Importantly, when using QE methods, unobserved confounders of the hypothesized causal effect must be accounted for. A framework for demonstrating how specific observed and unobserved confounders can bias the causal effect can help. Directed acyclic graphs (DAGs) are a highly structured rule-based visual framework for representing the causal influences between variables. Built around the hypothesized causal effect, a DAG represents the myriad ways in which other characteristics of participants as well as the research design and setting affect estimation of the treatment effect.
Description of Studies. In this symposium of four studies, we will do an end-to-end demonstration of the use of DAGs in research design and analysis, including how they are constructed, how they are interpreted, and how they can be used to inform analysis with QE methods.
First, DAGs must be built primarily from the subject area knowledge about a particular social problem and, if applicable, the theory of change by which an intervention is hypothesized to have an effect. Using their own DAGs, our presenters will provide a grounded description of the approach taken to including and excluding variables and the causal paths between variables.

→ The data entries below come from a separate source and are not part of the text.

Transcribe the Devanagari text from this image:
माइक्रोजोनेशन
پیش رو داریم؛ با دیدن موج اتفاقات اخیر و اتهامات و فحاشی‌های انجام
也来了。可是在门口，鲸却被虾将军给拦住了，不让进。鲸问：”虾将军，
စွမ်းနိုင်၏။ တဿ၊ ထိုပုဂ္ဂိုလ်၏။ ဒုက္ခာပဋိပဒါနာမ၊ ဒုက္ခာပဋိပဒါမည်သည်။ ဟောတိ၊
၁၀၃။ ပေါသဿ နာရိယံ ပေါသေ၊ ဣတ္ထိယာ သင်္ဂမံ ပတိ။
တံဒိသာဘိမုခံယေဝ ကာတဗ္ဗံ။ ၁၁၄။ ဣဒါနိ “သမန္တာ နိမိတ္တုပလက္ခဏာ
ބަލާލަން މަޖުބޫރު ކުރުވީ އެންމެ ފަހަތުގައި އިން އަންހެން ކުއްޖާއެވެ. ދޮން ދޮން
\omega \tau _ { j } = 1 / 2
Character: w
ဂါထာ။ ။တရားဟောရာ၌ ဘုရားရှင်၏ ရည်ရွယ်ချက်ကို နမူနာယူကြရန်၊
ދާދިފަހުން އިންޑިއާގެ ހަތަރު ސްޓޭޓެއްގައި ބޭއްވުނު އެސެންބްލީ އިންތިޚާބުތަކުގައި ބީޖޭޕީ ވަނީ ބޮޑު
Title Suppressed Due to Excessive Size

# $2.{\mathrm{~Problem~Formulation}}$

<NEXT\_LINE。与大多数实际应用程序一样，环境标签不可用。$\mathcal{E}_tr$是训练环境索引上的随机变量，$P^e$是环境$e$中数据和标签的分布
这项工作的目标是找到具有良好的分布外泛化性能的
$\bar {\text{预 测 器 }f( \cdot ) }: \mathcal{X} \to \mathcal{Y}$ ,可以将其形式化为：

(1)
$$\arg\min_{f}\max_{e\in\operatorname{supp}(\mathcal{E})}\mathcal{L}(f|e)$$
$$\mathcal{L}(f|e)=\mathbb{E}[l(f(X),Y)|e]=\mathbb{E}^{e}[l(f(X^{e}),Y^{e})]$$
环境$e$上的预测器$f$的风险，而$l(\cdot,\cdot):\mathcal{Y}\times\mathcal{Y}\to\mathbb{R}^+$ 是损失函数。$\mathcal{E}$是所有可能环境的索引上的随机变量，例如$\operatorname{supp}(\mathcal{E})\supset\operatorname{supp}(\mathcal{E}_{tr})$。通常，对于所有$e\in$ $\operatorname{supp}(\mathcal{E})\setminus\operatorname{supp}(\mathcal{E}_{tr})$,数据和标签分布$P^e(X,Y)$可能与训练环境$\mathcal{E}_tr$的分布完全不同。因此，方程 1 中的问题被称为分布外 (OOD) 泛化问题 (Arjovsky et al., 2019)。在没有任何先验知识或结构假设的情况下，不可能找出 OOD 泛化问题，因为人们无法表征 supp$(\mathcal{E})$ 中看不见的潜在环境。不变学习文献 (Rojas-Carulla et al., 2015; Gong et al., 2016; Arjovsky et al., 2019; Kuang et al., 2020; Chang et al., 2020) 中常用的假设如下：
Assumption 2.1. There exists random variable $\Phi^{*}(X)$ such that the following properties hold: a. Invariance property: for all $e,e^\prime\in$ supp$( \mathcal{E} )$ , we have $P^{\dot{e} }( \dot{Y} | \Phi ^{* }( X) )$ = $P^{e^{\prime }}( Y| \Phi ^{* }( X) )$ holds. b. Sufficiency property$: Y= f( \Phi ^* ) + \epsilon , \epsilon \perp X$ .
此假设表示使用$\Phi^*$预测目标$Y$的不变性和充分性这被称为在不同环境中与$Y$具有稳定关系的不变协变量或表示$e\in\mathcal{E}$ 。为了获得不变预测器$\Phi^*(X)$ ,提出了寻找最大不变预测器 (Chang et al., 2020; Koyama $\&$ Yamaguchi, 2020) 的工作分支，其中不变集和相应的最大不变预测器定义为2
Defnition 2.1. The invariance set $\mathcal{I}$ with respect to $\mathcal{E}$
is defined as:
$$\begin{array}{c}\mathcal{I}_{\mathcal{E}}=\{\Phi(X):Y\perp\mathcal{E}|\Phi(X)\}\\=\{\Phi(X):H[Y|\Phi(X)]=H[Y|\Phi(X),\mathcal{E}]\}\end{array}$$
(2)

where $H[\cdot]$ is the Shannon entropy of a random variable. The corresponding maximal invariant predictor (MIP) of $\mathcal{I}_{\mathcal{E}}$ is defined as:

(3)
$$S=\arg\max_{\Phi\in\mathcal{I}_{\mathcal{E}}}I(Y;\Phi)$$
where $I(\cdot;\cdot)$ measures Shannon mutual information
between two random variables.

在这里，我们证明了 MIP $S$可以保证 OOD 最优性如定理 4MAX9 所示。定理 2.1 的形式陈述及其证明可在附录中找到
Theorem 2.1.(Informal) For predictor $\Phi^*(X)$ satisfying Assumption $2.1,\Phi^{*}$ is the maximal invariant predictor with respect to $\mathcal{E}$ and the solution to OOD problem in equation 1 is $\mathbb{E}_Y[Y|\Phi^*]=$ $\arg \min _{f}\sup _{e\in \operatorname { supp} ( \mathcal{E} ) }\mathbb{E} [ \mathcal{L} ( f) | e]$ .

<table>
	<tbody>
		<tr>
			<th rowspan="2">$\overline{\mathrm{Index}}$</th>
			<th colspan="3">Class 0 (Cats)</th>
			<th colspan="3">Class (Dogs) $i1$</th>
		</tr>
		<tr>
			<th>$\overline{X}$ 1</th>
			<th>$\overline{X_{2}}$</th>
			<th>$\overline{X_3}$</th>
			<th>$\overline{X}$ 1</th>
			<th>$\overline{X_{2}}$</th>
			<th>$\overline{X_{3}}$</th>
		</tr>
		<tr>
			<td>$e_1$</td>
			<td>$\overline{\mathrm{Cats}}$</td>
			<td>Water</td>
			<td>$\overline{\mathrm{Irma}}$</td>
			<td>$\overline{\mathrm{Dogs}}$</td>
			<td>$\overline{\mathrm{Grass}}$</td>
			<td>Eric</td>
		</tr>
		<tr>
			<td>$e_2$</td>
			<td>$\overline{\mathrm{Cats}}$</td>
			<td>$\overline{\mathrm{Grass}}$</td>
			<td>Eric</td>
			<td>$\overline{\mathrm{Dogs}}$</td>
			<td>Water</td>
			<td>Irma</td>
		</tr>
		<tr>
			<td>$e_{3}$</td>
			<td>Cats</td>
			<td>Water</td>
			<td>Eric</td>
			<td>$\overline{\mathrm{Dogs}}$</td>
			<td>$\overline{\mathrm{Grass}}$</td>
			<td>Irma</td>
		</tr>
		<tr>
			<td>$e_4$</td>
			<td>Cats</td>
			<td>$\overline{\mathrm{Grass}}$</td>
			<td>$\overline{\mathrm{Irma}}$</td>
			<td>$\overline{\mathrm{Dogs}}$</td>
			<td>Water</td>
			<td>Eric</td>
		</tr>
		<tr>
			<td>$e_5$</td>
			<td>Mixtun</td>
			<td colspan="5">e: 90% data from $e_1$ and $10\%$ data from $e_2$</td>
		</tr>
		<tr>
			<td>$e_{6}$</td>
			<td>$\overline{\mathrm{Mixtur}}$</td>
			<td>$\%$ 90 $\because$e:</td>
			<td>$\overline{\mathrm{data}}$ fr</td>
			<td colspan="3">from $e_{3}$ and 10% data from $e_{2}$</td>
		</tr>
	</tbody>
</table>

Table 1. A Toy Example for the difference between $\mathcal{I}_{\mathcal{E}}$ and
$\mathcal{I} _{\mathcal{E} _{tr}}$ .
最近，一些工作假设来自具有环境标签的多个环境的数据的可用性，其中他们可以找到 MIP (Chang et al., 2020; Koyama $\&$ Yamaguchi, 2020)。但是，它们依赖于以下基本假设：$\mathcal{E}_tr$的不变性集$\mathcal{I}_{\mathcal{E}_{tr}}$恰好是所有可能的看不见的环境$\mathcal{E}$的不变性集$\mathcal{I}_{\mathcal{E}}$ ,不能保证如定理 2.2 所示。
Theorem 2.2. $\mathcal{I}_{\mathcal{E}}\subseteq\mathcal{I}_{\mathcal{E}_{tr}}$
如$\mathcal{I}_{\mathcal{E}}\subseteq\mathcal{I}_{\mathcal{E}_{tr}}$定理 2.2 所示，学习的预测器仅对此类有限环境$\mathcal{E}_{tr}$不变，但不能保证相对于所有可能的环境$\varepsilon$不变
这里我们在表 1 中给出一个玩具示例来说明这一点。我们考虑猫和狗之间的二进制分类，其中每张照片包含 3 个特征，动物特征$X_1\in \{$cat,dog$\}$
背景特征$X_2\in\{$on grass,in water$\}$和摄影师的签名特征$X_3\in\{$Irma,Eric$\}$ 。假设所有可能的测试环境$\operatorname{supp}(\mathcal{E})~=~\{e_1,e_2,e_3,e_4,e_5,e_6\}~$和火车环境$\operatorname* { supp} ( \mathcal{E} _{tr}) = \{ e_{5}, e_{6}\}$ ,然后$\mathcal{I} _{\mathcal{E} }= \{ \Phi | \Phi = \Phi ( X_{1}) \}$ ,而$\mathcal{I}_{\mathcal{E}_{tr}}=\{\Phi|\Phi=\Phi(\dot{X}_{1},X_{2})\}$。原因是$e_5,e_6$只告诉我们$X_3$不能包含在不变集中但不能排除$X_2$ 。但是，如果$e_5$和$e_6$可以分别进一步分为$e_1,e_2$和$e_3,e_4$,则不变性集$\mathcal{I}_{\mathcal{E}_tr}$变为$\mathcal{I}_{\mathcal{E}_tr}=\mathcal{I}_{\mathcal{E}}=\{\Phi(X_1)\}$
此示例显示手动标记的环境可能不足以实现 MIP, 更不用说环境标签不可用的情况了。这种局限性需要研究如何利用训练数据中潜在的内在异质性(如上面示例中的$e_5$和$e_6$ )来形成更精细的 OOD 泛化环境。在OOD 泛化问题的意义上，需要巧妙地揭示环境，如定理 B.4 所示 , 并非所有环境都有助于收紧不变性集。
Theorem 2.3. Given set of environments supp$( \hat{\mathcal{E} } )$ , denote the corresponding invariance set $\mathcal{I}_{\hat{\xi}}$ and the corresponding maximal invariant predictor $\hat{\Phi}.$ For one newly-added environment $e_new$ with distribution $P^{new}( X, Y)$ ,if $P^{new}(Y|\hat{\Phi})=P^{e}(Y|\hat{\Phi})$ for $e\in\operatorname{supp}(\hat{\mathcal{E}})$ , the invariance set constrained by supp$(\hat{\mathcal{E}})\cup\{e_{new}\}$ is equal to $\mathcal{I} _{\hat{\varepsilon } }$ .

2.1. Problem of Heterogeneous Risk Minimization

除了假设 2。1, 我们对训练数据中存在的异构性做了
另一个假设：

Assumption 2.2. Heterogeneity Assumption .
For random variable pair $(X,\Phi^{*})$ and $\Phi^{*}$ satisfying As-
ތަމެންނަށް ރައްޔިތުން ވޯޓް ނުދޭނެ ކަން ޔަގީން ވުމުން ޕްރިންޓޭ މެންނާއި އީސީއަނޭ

Second, in order to understand which confounders are critical to causal effect estimation, we must interpret the DAG to identify a "sufficient set". These are the confounders that, when controlled for, eliminate all possible confounding. Our presenters will describe a structured approach to identifying sufficient sets.
Third, in order to use advanced QE methods for causal inference, such as propensity score analysis (PSA) or instrumental variable estimation (IVE), certain key assumptions must be met. Research shows that these assumptions take very specific forms in a DAG, which makes it possible to select a method by looking for alignment between our DAGs and the form needed for a given method. In addition to choosing the method, these DAGs can be used to aid in model specification once a model is chosen. Two oral presentations show how to design and carry out analyses using DAGs. In the first, the DAG supports PSA as the method, and the DAG is used to minimize the risk of inducing additional bias from poorly conceived predictors of treatment assignment. In the second, a DAG is used to choose IVE as the method, to identify the instruments, and to justify that the assumptions of IVE were met.